PURPOSE: To assess whether adenovirus-mediated retinoblastoma 94 (Ad-RB94) transgene expression enhances efficacy of radiation therapy (XRT) of human head and neck squamous cell carcinoma (HNSCC). EXPERIMENTAL DESIGN: The HNSCC cell lines (JHU006 and JHU012) were treated in vitro and in a nude mouse xenograft model with Ad-RB94, Ad-DL312 control vector, or untreated as mock control. Cell viability and tumor growth were evaluated and combined RB94/XRT antitumor activity was analyzed by measuring DNA double-strand breaks, apoptosis-associated early DNA fragmentation, and levels of RB-regulated cell cycle progression E2F1 transcription factor. RESULTS: Ad-RB94/XRT resulted in significant HNSCC cell growth inhibition compared with XRT alone or Ad-RB94 alone in vitro and caused significant tumor regression compared with XRT alone and Ad-DL312/XRT in JHU006 and with XRT alone, Ad-DL312/XRT and Ad-RB94 alone in JHU012 in vivo.
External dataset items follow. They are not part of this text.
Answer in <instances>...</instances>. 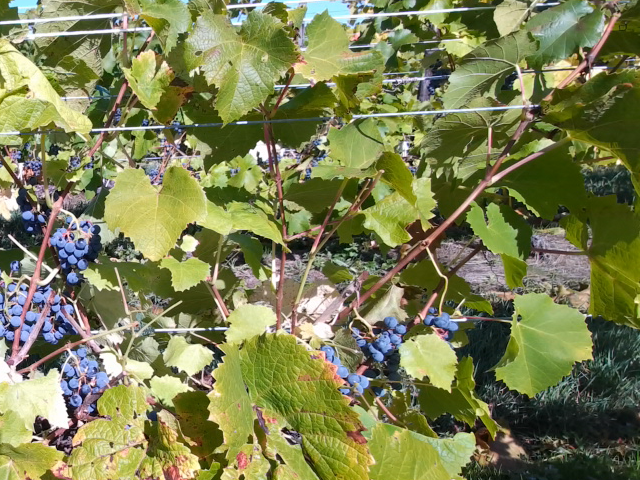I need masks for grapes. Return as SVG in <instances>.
<instances>
[{
  "label": "grapes",
  "instance_id": "e5b3c951",
  "mask_svg": "<svg viewBox=\"0 0 640 480\" xmlns=\"http://www.w3.org/2000/svg\"><path fill=\"white\" fill-rule=\"evenodd\" d=\"M19 289L22 291L19 295H18V300L16 298L15 295H12L10 298L11 302H16L18 304H14L12 307L7 309V314L11 315L12 317L10 318V328L14 329V328H18L20 321H21V315H22V311H23V307L21 305H24L26 300H27V289L28 286L27 285H20Z\"/></svg>",
  "mask_w": 640,
  "mask_h": 480
},
{
  "label": "grapes",
  "instance_id": "5460f4e3",
  "mask_svg": "<svg viewBox=\"0 0 640 480\" xmlns=\"http://www.w3.org/2000/svg\"><path fill=\"white\" fill-rule=\"evenodd\" d=\"M66 377H72L69 381L61 380L60 388L63 390L64 397H70L68 404L71 407H79L82 404V397L79 394H74V389L79 386V373L76 367L71 364H66L64 367Z\"/></svg>",
  "mask_w": 640,
  "mask_h": 480
},
{
  "label": "grapes",
  "instance_id": "f8a65327",
  "mask_svg": "<svg viewBox=\"0 0 640 480\" xmlns=\"http://www.w3.org/2000/svg\"><path fill=\"white\" fill-rule=\"evenodd\" d=\"M320 351L326 352V359L337 365L339 368L337 369V375L341 378H346L350 385L356 384V389L359 393L364 394L366 389L370 387V379L365 375H360L357 373H350L349 369L341 364V359L336 357L335 350L333 347L329 345H322Z\"/></svg>",
  "mask_w": 640,
  "mask_h": 480
},
{
  "label": "grapes",
  "instance_id": "ef6de9ee",
  "mask_svg": "<svg viewBox=\"0 0 640 480\" xmlns=\"http://www.w3.org/2000/svg\"><path fill=\"white\" fill-rule=\"evenodd\" d=\"M41 317V313L40 312H33V311H29L27 313V317H26V324L24 327V330L20 333V340L22 342H26L28 339L29 334L32 332V330L35 328V324L38 322V320Z\"/></svg>",
  "mask_w": 640,
  "mask_h": 480
},
{
  "label": "grapes",
  "instance_id": "1ff8f66d",
  "mask_svg": "<svg viewBox=\"0 0 640 480\" xmlns=\"http://www.w3.org/2000/svg\"><path fill=\"white\" fill-rule=\"evenodd\" d=\"M0 321L4 325H0V337H5L8 342H14V331L8 330L5 325L8 324V319L3 311H0Z\"/></svg>",
  "mask_w": 640,
  "mask_h": 480
},
{
  "label": "grapes",
  "instance_id": "83cd7487",
  "mask_svg": "<svg viewBox=\"0 0 640 480\" xmlns=\"http://www.w3.org/2000/svg\"><path fill=\"white\" fill-rule=\"evenodd\" d=\"M428 314L424 318V324L426 326H435L437 328L446 329L448 332L444 335V339L449 341L453 338L454 332H457L460 329V325L451 320V315L448 312H444L440 315V317H434L432 314H436L438 309L436 307L430 306L428 308Z\"/></svg>",
  "mask_w": 640,
  "mask_h": 480
},
{
  "label": "grapes",
  "instance_id": "2adb6a1f",
  "mask_svg": "<svg viewBox=\"0 0 640 480\" xmlns=\"http://www.w3.org/2000/svg\"><path fill=\"white\" fill-rule=\"evenodd\" d=\"M52 294V287L50 284H46L44 286L37 285L36 292L33 294L32 303H39L38 307L40 309L44 308V304L49 299Z\"/></svg>",
  "mask_w": 640,
  "mask_h": 480
},
{
  "label": "grapes",
  "instance_id": "84f90ec7",
  "mask_svg": "<svg viewBox=\"0 0 640 480\" xmlns=\"http://www.w3.org/2000/svg\"><path fill=\"white\" fill-rule=\"evenodd\" d=\"M72 353L80 360V371L90 379L96 378V385L92 390V394L96 395L100 390L105 389L109 382V376L104 370H100V365L96 360L86 358L88 349L85 346H79L77 349H73Z\"/></svg>",
  "mask_w": 640,
  "mask_h": 480
},
{
  "label": "grapes",
  "instance_id": "01657485",
  "mask_svg": "<svg viewBox=\"0 0 640 480\" xmlns=\"http://www.w3.org/2000/svg\"><path fill=\"white\" fill-rule=\"evenodd\" d=\"M383 326L385 328H375L373 330V333L378 337H375L373 342L370 343L360 337L361 332L358 328L353 327L351 329L352 336L356 338V345L366 348L376 363H382L385 360V355H389L399 348L403 342L402 335L408 333V327L405 324H400L394 316H386L383 319Z\"/></svg>",
  "mask_w": 640,
  "mask_h": 480
},
{
  "label": "grapes",
  "instance_id": "0513c4c2",
  "mask_svg": "<svg viewBox=\"0 0 640 480\" xmlns=\"http://www.w3.org/2000/svg\"><path fill=\"white\" fill-rule=\"evenodd\" d=\"M50 311L47 313V316L44 320V323L40 329V335H43L45 339V343L58 345L59 340L63 339L64 335H78L79 331L69 322L68 319L65 318L62 313V309L67 311L69 314L74 313V306L71 303H63L61 305V298L59 295L54 296V300L51 301V305L49 306ZM56 317V321H60L61 324L56 326V331L51 332L52 323L50 322L49 317Z\"/></svg>",
  "mask_w": 640,
  "mask_h": 480
},
{
  "label": "grapes",
  "instance_id": "b958b902",
  "mask_svg": "<svg viewBox=\"0 0 640 480\" xmlns=\"http://www.w3.org/2000/svg\"><path fill=\"white\" fill-rule=\"evenodd\" d=\"M67 232L66 228H58L57 232L53 233L50 237V245L57 247L59 266L62 270H66L70 265L80 271L88 269V260L81 259L83 256H87L90 253V246L88 245L86 238L81 237L79 240H75L74 244L70 243L75 238L73 233L69 236H64Z\"/></svg>",
  "mask_w": 640,
  "mask_h": 480
},
{
  "label": "grapes",
  "instance_id": "54f908b8",
  "mask_svg": "<svg viewBox=\"0 0 640 480\" xmlns=\"http://www.w3.org/2000/svg\"><path fill=\"white\" fill-rule=\"evenodd\" d=\"M79 227H80V229H81L83 232H85V233H88V232H89V230H90L91 232H94V231H95V226H94V225H91L89 222H86V221H80V222H79Z\"/></svg>",
  "mask_w": 640,
  "mask_h": 480
}]
</instances>

Neutral comet analysis revealed that DNA damage was significantly elevated in cells treated with Ad-RB94 alone and Ad-RB94/XRT. Tumors treated with Ad-RB94 alone showed a striking increase in early apoptosis DNA fragmentation, and DNA fragmentation was further enhanced with XRT. In addition, levels of E2F1 were up-regulated by Ad-RB94/XRT combination, whereas Ad-RB94 alone did not affect E2F1 levels and XRT alone led to down-regulation of E2F1. CONCLUSIONS: A potent antitumor effect has been observed after Ad-RB94/XRT combination treatment in HNSCC xenograft tumors. Enhanced tumor regression correlated with increased apoptosis. Ad-RB94 treatment enhances the efficacy of XRT through tumor cell sensitization by arresting the cells at the radiation-sensitive G(2)-M cell cycle and via E2F1 up-regulation.